Shanghai Key Laboratory of Intelligent Manufacturing and Robotics, School of Mechatronic Engineering and Automation, Shanghai University, Shanghai, China.
Biomed Tech (Berl). 2024 Aug 8;69(6):597-608. doi: 10.1515/bmt-2024-0107. Print 2024 Dec 17.
To overcome the limitations of traditional diagnosis of orbicularis oris muscle function in mouth-breathing patients, this study aims to propose a surface electromyographic (sEMG) based method for reliable and accurate quantitative assessment of lip closure ability.
A total of 21 volunteers (16 patients and 5 healthy subjects, aged 8-16) were included in the study. Three nonlinear onset detection algorithms - Teager-Kaiser Energy (TKE) operator, Sample Entropy (SampEn), and Fuzzy Entropy (FuzzyEn) - were compared for their ability to identify lip closure in sEMG signals. Lip Closure EMG Activity Index (LCEAI) was proposed based on the action segments detected by the best performing algorithm for the quantitative assessment of lip closure.

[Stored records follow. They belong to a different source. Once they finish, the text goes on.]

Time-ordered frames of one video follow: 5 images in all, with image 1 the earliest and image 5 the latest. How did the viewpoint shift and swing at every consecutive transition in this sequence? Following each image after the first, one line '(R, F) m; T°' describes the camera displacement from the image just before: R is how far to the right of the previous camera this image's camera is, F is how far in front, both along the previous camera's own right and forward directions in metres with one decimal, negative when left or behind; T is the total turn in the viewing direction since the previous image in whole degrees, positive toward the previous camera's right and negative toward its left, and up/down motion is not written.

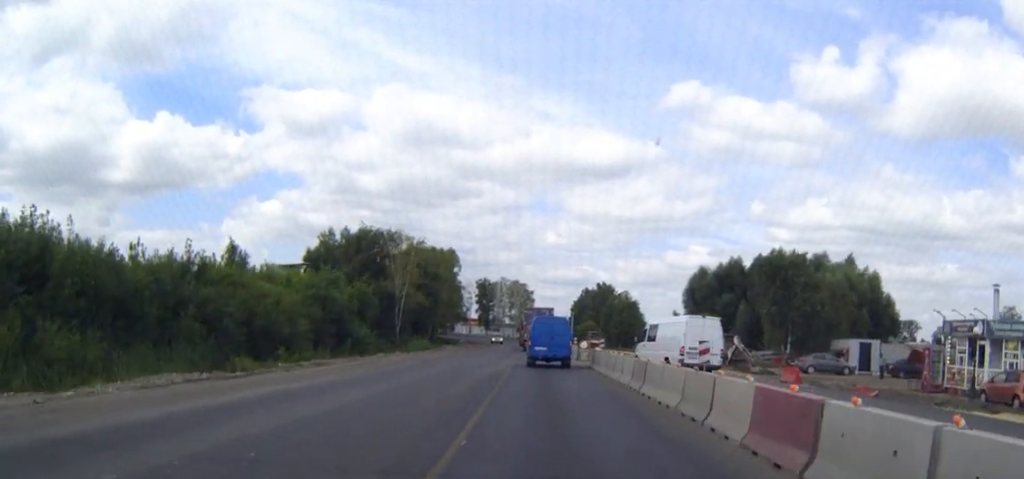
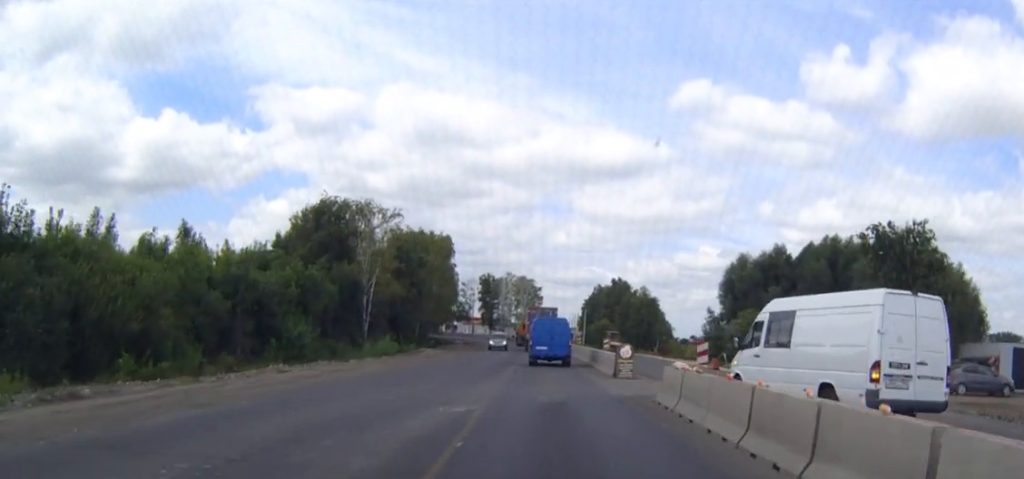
(-0.2, +21.0) m; -1°
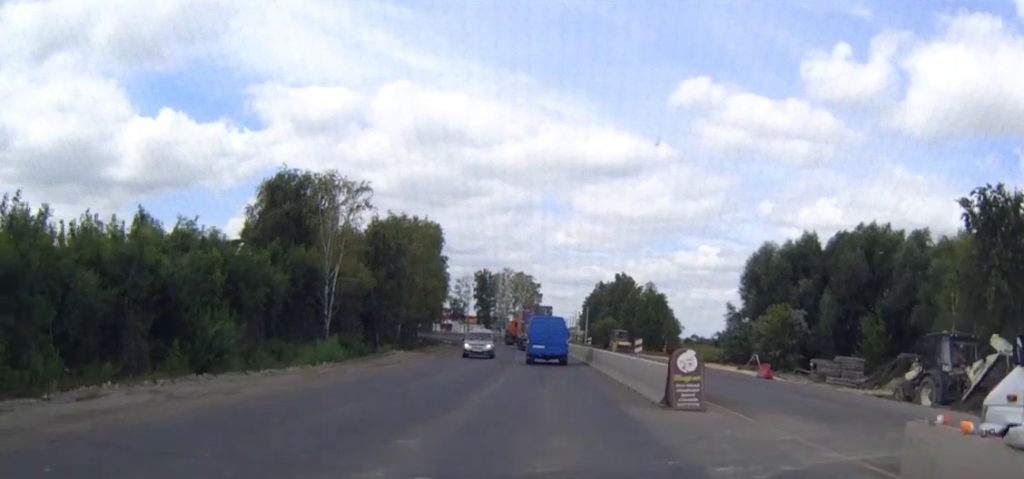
(0.0, +12.6) m; 0°
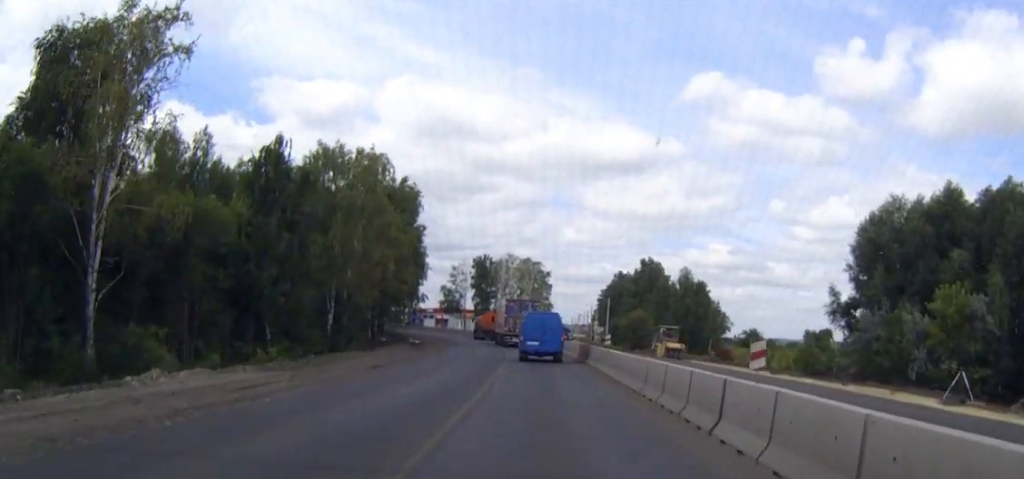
(0.0, +33.9) m; 0°
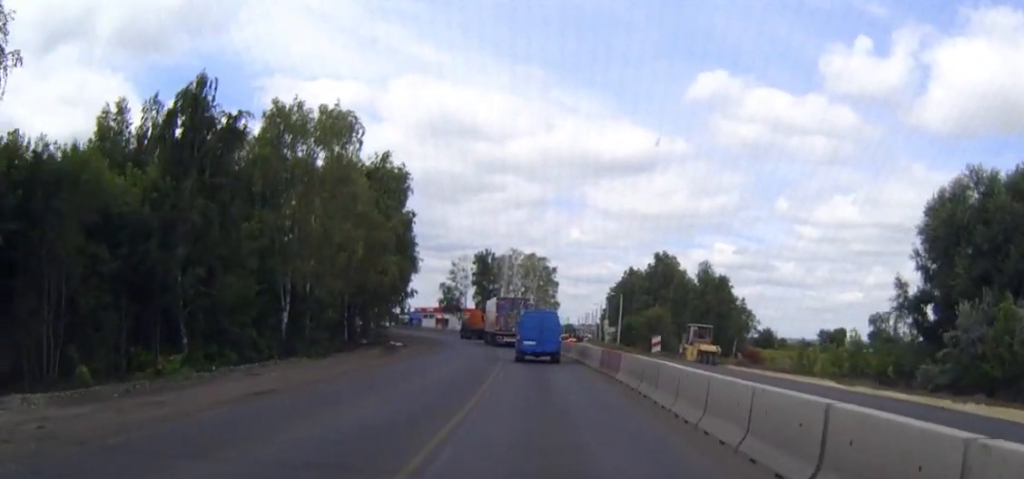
(0.0, +12.2) m; -1°
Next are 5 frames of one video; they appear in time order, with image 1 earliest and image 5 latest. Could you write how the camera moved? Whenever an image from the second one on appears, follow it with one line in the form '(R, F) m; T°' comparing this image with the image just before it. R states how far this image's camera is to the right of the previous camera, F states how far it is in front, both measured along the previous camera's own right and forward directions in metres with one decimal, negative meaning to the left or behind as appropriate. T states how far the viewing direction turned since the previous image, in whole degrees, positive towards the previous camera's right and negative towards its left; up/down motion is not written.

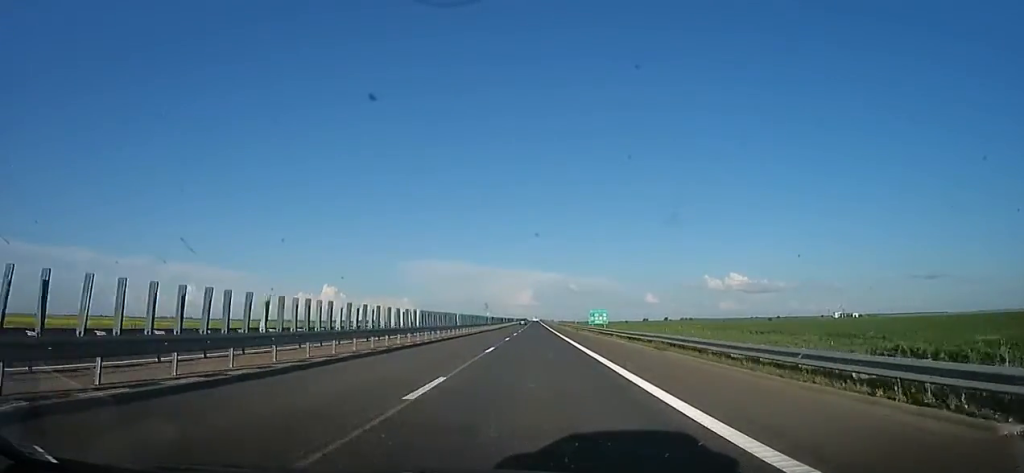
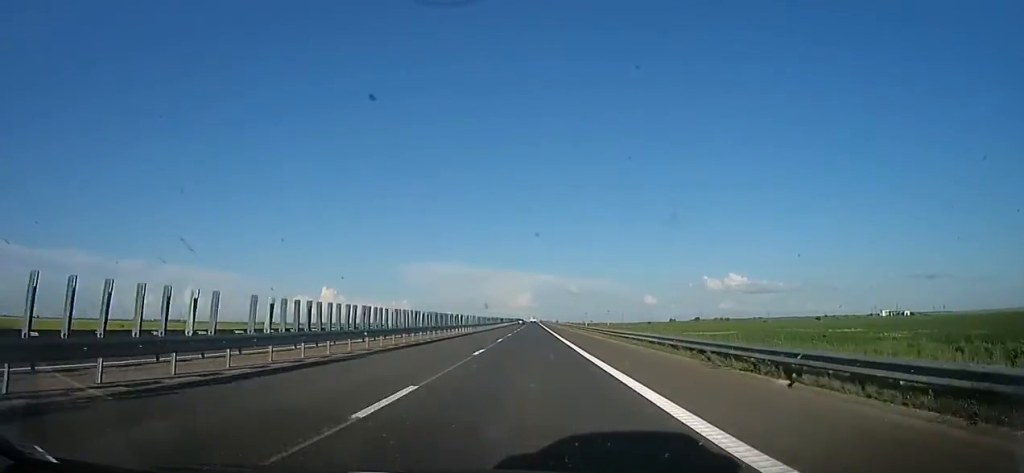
(-1.0, +97.1) m; -1°
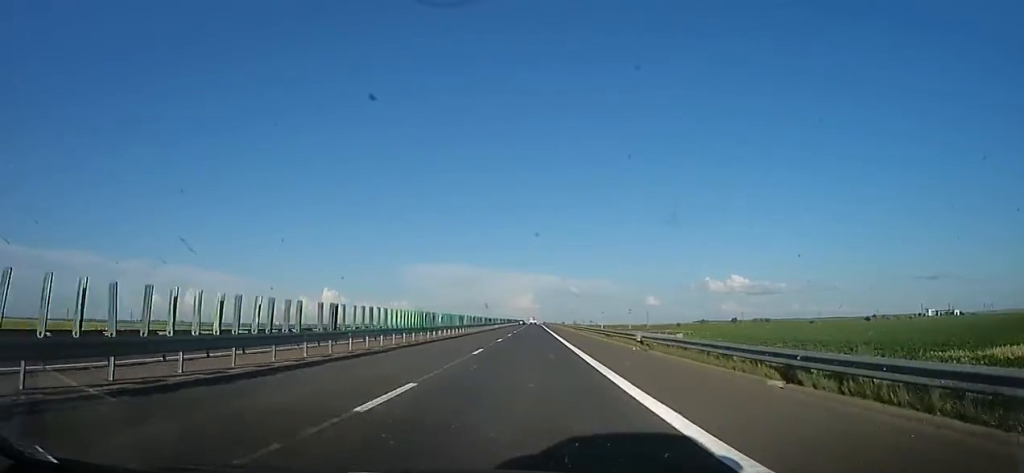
(+1.9, +72.1) m; 0°
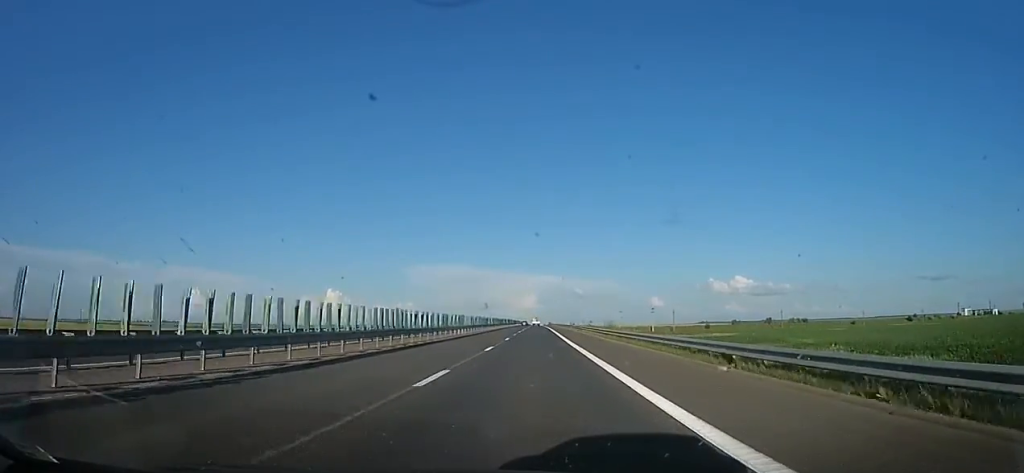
(-0.5, +45.4) m; +1°
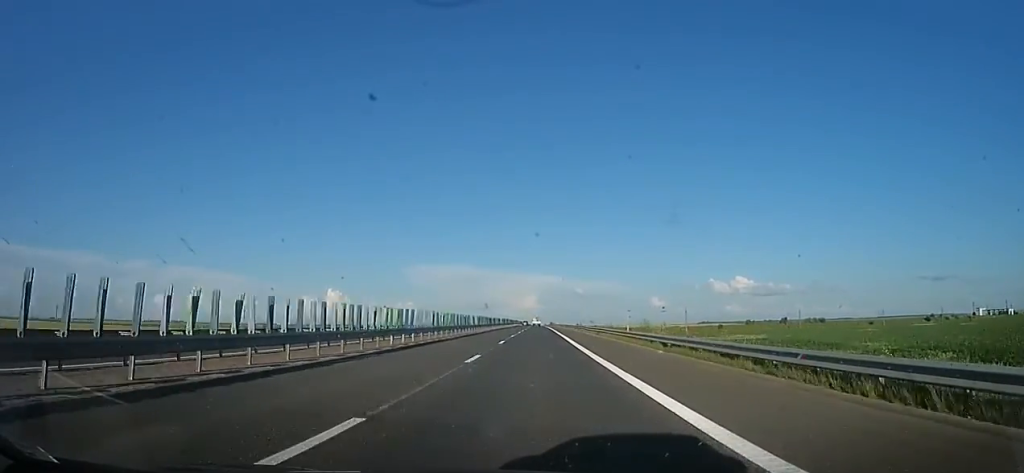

The results indicated that FuzzyEn had the highest lip closure identification rate at 93.78 %, the lowest average onset delay of 47.50 ms, the lowest average endpoint delay of 73.10 ms, and the minimal time error of 111.61 ms, exhibiting superior performance. The calculation results of the LCEAI closely corresponded with the actual degree of lip closure in patients.
The lip closure ability assessment method proposed in this study can provide a quantitative basis for the diagnosis of mouth breathing.
为了克服传统口呼吸患者口轮匝肌功能诊断的局限性,本研究旨在提出一种基于表面肌电图(sEMG)的方法,以可靠、准确地定量评估唇闭合能力。
本研究共纳入 21 名志愿者(16 名患者和 5 名健康受试者,年龄 8-16 岁)。比较了三种非线性起始检测算法 - Teager-Kaiser Energy(TKE)算子、样本熵(SampEn)和模糊熵(FuzzyEn)- 它们识别 sEMG 信号中唇闭合的能力。基于性能最佳的算法检测到的动作段,提出了唇闭合肌电图活动指数(LCEAI),用于定量评估唇闭合。
结果表明,FuzzyEn 的唇闭合识别率最高,为 93.78%,平均起始延迟最低,为 47.50ms,平均结束延迟最低,为 73.10ms,时间误差最小,为 111.61ms,表现出优越的性能。LCEAI 的计算结果与患者实际的唇闭合程度密切相关。
本研究提出的唇闭合能力评估方法可为口呼吸的诊断提供定量依据。